I'm finding that slingshot shooting has many variables that all have to come together in order to make that perfect shot where the ammo hits the intended target. The more of those variables we can remove from the equation the greater our chances become in hitting the target. If our ammo we are using is as close to perfect as possible then we have essentially removed one variable, then all we need to concern ourselves with is our own shooting technique. I'm sure most would agree when I say "the perfection of our ammo is our greatest ally". and if it is totally consistent as long as we the shooters do our part the ammo will hit it's mark.

Said another way......you can do everything perfectly as the shooter but if your ammo is imperfect it can stray off it's intended path by not flying true and miss the target that it otherwise would have hit had it flown a true path. That can leave you the shooter wondering if YOU missed or the ammo CAUSED you to miss and you might make adjustments in your shooting trying to find a different point of aim that with perfect ammo would not be needed.

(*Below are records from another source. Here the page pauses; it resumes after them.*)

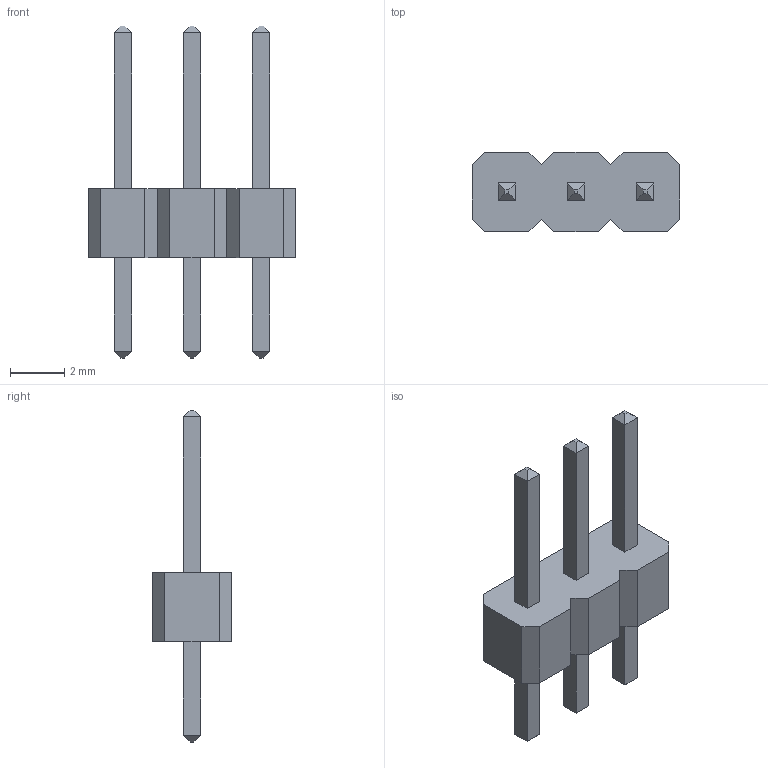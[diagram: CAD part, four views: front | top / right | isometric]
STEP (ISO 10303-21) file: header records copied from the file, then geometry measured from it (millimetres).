
FILE_DESCRIPTION(('FreeCAD Model'),'2;1');
FILE_NAME('User Library-Pin Header Strip.step', '2017-03-28T06:54:49',('Author'),(''), 'Open CASCADE STEP processor 6.8','FreeCAD','Unknown');
FILE_SCHEMA(('AUTOMOTIVE_DESIGN_CC2 { 1 2 10303 214 -1 1 5 4 }'));
Length unit declared in the file: millimetre
Products named in the file (2): ASSEMBLY; User_Library-Pin_Header_Strip
Assembly tree (1 placements, depth 2):
  ASSEMBLY
    User_Library-Pin_Header_Strip
Bounding box: 7.62 x 2.92 x 12.19 mm (x, y, z)
Volume: 64.8 mm3; surface area: 167.9 mm2
Topology: 1 solids, 1 shells, 76 faces, 180 edges, 112 vertices
Faces by surface type: plane 76
Entity records: 5015 total; most frequent: CARTESIAN_POINT 730, DIRECTION 696, LINE 540, VECTOR 540, ORIENTED_EDGE 360, PCURVE 360, DEFINITIONAL_REPRESENTATION 360, EDGE_CURVE 180
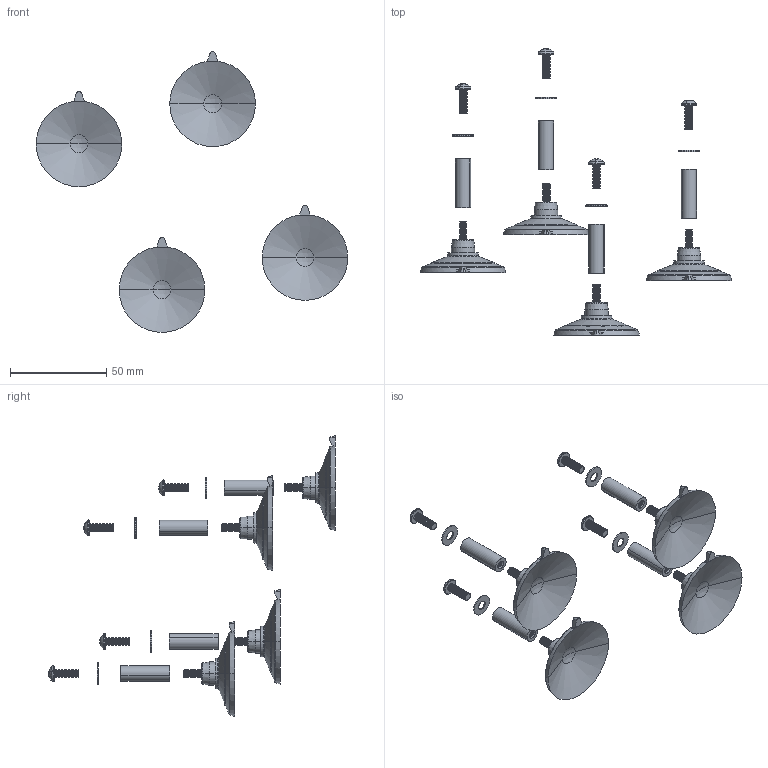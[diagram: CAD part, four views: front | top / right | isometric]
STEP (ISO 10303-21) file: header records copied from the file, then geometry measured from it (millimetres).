
FILE_DESCRIPTION (( 'STEP AP214' ), '1' );
FILE_NAME ('HGX-PMT08.STEP', '2012-10-11T18:20:16', ( 'x' ), ( '' ), 'SwSTEP 2.0', 'SolidWorks 2012', '' );
FILE_SCHEMA (( 'AUTOMOTIVE_DESIGN' ));
Length unit declared in the file: inch
Products named in the file (5): XFW-0009; XFS-0036; XF162-01; XFSC-0001; HGX-PMT08
Assembly tree (16 placements, depth 2):
  HGX-PMT08
    XFSC-0001  x4
    XF162-01  x4
    XFS-0036  x4
    XFW-0009  x4
Bounding box: 161.78 x 148.87 x 145.81 mm (x, y, z)
Volume: 25406.2 mm3; surface area: 24407.6 mm2
Topology: 20 solids, 20 shells, 1640 faces, 3340 edges, 1740 vertices
Faces by surface type: cone 1392, plane 120, torus 72, cylinder 48, sphere 8
Entity records: 11774 total; most frequent: DIRECTION 2083, CARTESIAN_POINT 1778, ORIENTED_EDGE 1662, AXIS2_PLACEMENT_3D 848, EDGE_CURVE 831, VERTEX_POINT 435, CIRCLE 419, EDGE_LOOP 418

By using ammo that is perfect, you will save yourself a lot of time and energy improving your skill as a shooter. I feel that that's why the vast majority of us use steel ball bearings (all the same size) or marbles (all the same size) for the greatest consistency possible from our ammo.


----------



## wll

Teach said:


> dadof3gboys said:
> 
> 
> 
> Yeah, the sizes and shapes weren't consistent. The white ball is one of the Daisey's glass ammo for comparison. However, I grabbed several that varied from one another and had some success at shooting them. The first two feel short of a tree about 30ft out, but correcting my pull I had straight hard shots with them that hit close to my intended bulls-eye. I don't feel at this point perfectly round is needed for. I think these will do the trick for my intentions.
> 
> 
> 
> I'm finding that slingshot shooting has many variables that all have to come together in order to make that perfect shot where the ammo hits the intended target. The more of those variables we can remove from the equation the greater our chances become in hitting the target. If our ammo we are using is as close to perfect as possible then we have essentially removed one variable, then all we need to concern ourselves with is our own shooting technique. I'm sure most would agree when I say "the perfection of our ammo is our greatest ally". and if it is totally consistent as long as we the shooters do our part the ammo will hit it's mark.
> 
> Said another way......you can do everything perfectly as the shooter but if your ammo is imperfect it can stray off it's intended path by not flying true and miss the target that it otherwise would have hit had it flown a true path. That can leave you the shooter wondering if YOU missed or the ammo CAUSED you to miss and you might make adjustments in your shooting trying to find a different point of aim that with perfect ammo would not be needed.
> 
> By using ammo that is perfect, you will save yourself a lot of time and energy improving your skill as a shooter. I feel that that's why the vast majority of us use steel ball bearings (all the same size) or marbles (all the same size) for the greatest consistency possible from our ammo.
Click to expand...

Truer words were never spoken !

wll


----------



## Bill Hays

Here's what you do...

Roll your clay into a snake, making it into a nice long fairly uniform cylinder, then finish rolling it with a flat board on top like thin plywood or a cutting board, this will make the cylinder much more uniform than you could do by hand... lay a ruler beside the cylinder and use that to cut pieces off that are all the same length.

Using wet hands, hand roll the little cut cylinders into rough balls... place on a flat surface with some space between each ball... take the piece of flat board gently place that on top of the balls. Move the top like "wax on" "wax off" and up and down.

Once you get the knack of it you'll get balls that are pretty close to perfect for what you're looking for.

PS..

I may have sculpted a little in the past...


----------



## SlingNerd

I know this is an older post but I'm compelled to add my two cents yet again.

Buy a "Melon Baller" on Amazon for cheap and crank 'em out. They're made to form spheres from fruit and I'd bet they'll work a treat.


----------



## twang

anyone tried "baking beads".


----------